Ich hätte als die Pharaonin natürlich immer gnädig lächeln müssen. Ich schaute oben von meinem sehr wackeligen Sitz auf der Sänfte bang durch die Halle. Da sah ich überall betroffene Gesichter. Die Ladies und Gentlemen standen wie gelähmt. Es wollte niemand recht reden. Die Feststimmung war gründlich verflogen.
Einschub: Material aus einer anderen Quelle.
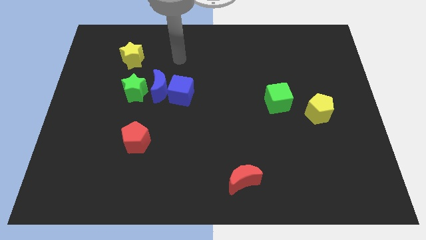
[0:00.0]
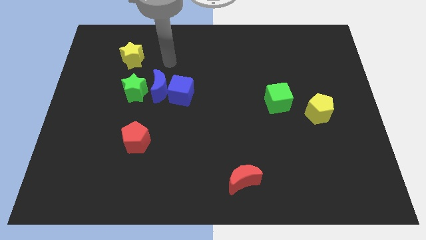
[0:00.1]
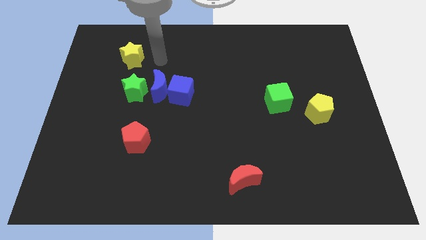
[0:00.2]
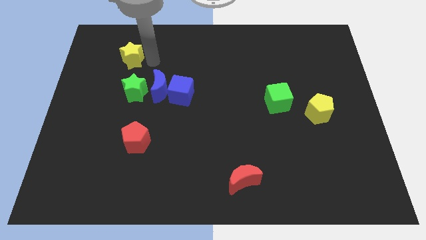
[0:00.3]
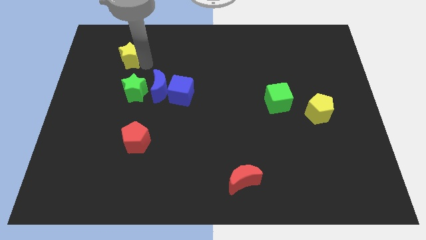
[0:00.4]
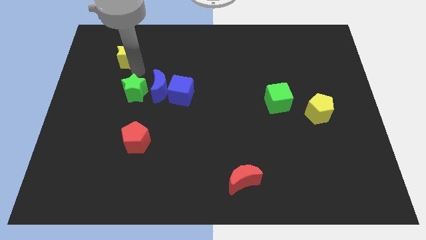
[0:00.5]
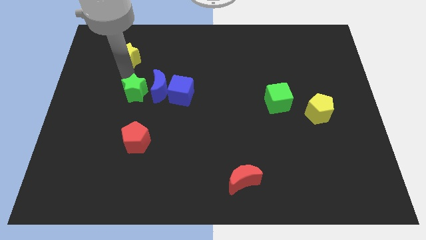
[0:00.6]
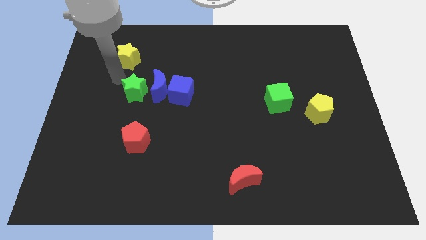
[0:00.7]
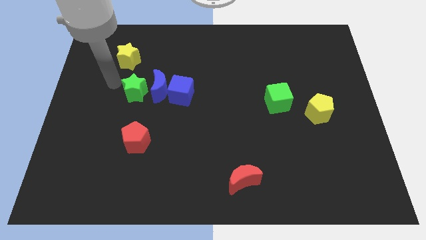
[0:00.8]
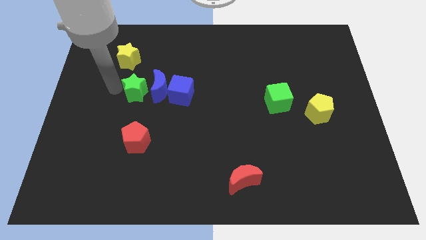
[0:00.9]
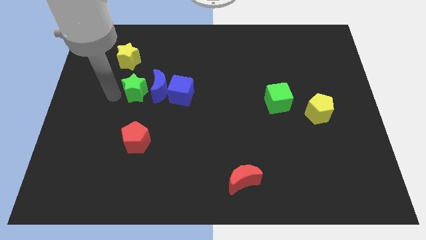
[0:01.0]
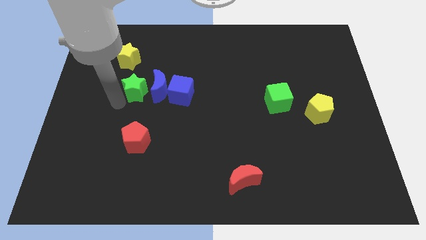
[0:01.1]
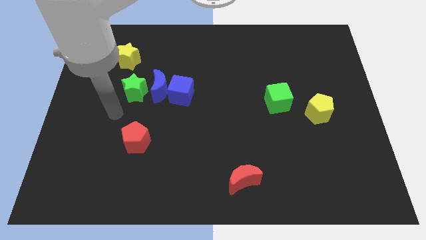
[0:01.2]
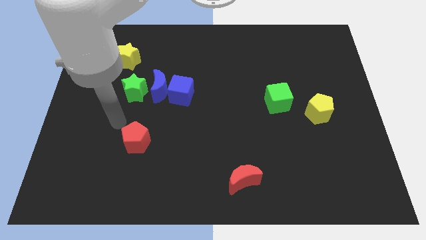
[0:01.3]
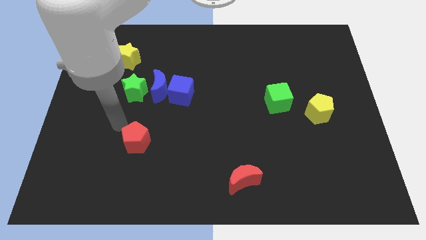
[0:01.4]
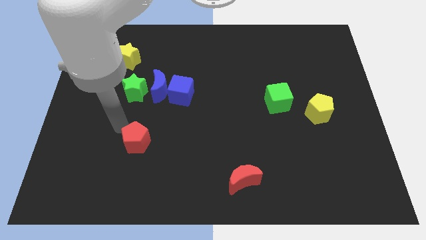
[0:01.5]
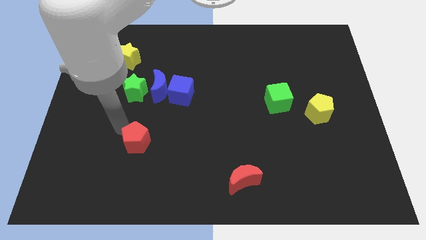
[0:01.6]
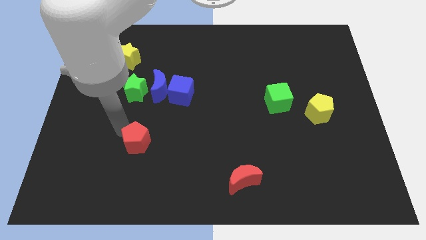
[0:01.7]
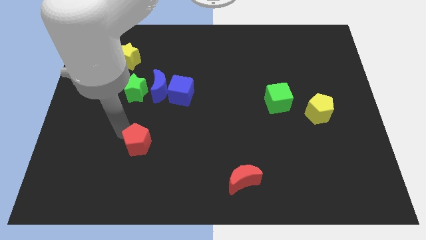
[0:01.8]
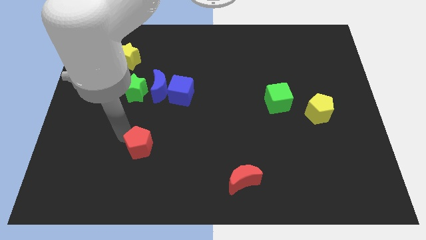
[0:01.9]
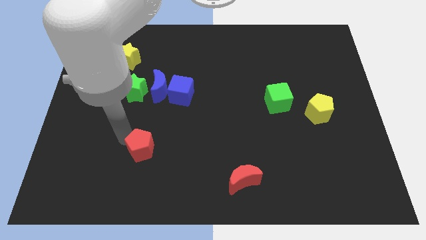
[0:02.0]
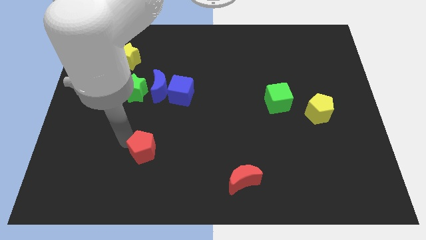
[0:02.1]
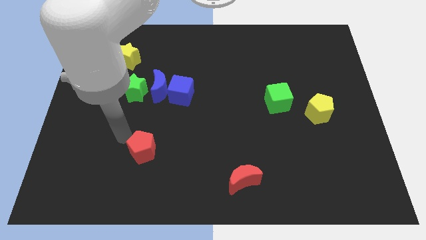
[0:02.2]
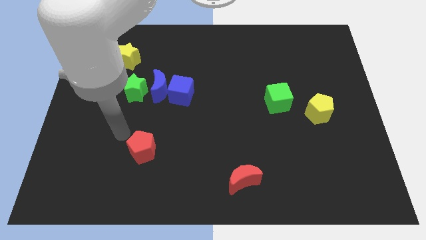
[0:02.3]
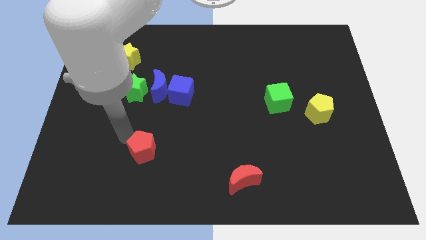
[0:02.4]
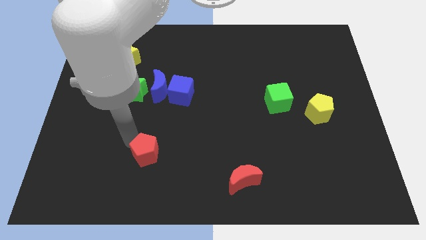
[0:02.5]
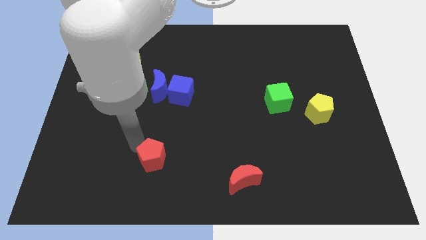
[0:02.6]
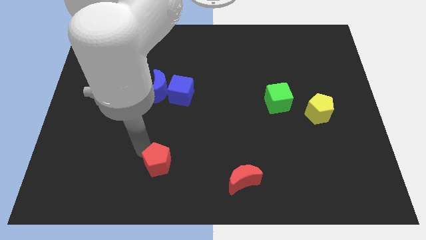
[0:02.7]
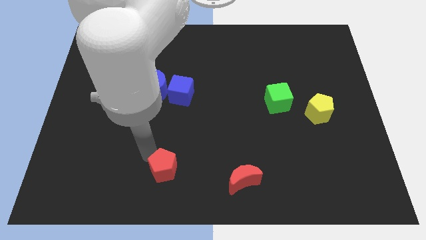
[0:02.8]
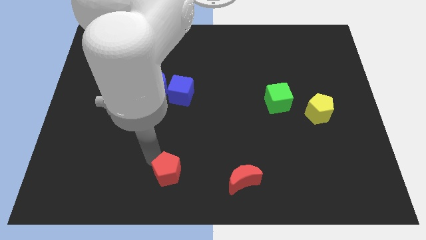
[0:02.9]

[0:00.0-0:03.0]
move the red pentagon to the bottom side

Der Mr. Nothomb mit seiner unverwüstlichen Laune war auch nicht mehr da. Der hatte in aller Eile seinen Priestermantel einem nubischen Krieger zum Aufheben zugeworfen und war in Frack und weisser Binde hinaus nach dem Sethostempel gerannt. Dort in der Garderobe hatte er seinen Zylinder einer lebensgrossen zweiköpfigen Götterstatue auf den einen Kopf gesetzt. Das hatte ich vorhin gesehen. Mit dem Zylinder im Genick fuhr er Hals über Kopf nach dem Telegraphenamt. Man hörte in der Ferne sein Töffen.
Die Mrs. Sanders faltete die Hände vor dem riesigen Skarabäus, den sie auf der Brust eingestickt trug. Sie warf einen verzweifelten Blick auf ihren Mann, er müsse helfen und den Abend retten.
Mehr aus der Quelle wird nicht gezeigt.